BUGS-NYU/schedge

Class name contains extra alternative class codes

zhumingcheng697 opened this issue · 2 comments

There are some cross-listed classes whose name field contains extra alternative class codes.

Example 1: https://nyu.a1liu.com/api/courses/ja2023/STS-UY

{
  "name": "| LA-UY 143 | PL-UY 2064 | STS-UY 2144 Ethics and Technology",
  "deptCourseId": "347",
  "subjectCode": "STS-UY"
}

Example 2: https://nyu.a1liu.com/api/courses/su2022/CS-GY

{
  "name": "| CS-UY 3083 Introduction to Databases",
  "deptCourseId": "608",
  "subjectCode": "CS-GY"
}

I am cleaning the class name by replacing matches to the following regex with an empty string in my client:

^(?:\| +[A-Z][A-Z0-9]+-[A-Z]{2,3} [0-9]+[A-Z0-9]* +)+

Basically, I am assuming that:

  • the “department segment” of the subject code will always match[A-Z][A-Z0-9]+
  • the “school segment” of the subject code will always match [A-Z]{2,3}
  • the “department segment” and “school segment” of the subject code are combined with a hyphen -
  • the department course id will always match [0-9]+[A-Z0-9]*
  • the subject code and department course id are combined with a single space
  • the class codes are separated by |

I have the intention of making this regex stricter so that there might be class names not cleaned up properly, but it is less likely for correct class names to be messed up incorrectly by the regex.
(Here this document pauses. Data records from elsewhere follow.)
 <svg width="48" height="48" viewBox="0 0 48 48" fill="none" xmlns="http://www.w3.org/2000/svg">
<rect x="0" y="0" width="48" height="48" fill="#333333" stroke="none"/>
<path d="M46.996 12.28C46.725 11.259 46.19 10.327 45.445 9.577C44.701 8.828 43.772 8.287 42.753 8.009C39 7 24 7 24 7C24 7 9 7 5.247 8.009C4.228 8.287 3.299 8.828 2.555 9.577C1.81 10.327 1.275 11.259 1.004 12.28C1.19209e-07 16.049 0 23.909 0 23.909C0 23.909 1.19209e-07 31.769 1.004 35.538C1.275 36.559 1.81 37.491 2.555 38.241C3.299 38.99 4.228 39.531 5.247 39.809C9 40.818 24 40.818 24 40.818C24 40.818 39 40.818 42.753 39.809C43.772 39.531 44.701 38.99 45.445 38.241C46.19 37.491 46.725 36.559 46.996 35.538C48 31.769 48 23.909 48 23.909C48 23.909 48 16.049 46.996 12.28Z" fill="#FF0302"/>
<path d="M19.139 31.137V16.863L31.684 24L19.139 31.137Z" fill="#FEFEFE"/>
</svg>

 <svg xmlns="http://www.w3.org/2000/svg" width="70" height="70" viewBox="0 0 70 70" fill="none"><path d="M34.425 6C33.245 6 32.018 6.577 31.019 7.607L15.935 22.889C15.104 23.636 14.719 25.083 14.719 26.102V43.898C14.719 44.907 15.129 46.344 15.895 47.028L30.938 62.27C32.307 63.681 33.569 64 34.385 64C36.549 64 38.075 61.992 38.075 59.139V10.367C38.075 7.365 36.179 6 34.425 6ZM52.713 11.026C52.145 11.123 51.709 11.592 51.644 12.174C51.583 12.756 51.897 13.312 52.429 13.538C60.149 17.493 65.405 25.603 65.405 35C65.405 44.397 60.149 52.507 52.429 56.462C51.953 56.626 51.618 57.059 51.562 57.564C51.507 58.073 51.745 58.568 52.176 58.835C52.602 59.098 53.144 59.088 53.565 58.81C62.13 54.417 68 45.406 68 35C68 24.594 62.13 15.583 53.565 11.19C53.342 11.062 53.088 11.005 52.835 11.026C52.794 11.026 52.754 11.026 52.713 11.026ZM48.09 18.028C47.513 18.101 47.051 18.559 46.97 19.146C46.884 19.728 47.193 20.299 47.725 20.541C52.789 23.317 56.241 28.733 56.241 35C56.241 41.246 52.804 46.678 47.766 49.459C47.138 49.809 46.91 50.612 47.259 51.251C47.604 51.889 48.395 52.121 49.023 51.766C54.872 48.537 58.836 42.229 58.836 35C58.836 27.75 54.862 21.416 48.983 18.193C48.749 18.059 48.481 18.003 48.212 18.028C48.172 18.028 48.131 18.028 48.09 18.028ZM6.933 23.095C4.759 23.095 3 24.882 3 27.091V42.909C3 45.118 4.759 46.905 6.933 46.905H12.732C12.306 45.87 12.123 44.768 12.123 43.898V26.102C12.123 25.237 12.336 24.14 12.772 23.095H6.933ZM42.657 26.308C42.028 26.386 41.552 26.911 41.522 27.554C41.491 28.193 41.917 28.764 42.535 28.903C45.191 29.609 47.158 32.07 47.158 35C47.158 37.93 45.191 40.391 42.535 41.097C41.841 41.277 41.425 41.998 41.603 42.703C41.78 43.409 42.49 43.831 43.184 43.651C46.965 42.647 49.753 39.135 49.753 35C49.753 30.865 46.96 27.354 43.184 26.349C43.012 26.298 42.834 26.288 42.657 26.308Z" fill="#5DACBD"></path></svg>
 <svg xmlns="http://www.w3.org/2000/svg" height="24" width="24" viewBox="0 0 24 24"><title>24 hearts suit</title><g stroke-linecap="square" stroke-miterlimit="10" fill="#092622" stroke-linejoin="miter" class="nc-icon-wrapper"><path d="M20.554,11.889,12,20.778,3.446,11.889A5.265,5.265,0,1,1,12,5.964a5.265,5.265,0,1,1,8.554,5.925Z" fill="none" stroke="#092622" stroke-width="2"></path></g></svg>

I wonder what is you opinion on adding a similar clean up to the scraper?

A1Liu commented

Yeah, this is definitely a cleanup that should happen scraper-side. I'll investigate this further, since it looks like these are examples of cross-subject courses. For now, your Regex looks good, since it's doing a similar thing to what the scraper does when parsing the scraped source:

Screen Shot 2022-11-21 at 12 41 04 PM

A1Liu commented

The first example has been fixed, and the second example is in the process of being re-scraped. I'll be doing a full re-scrape of the entire DB to fix up the remainder of the semesters as well.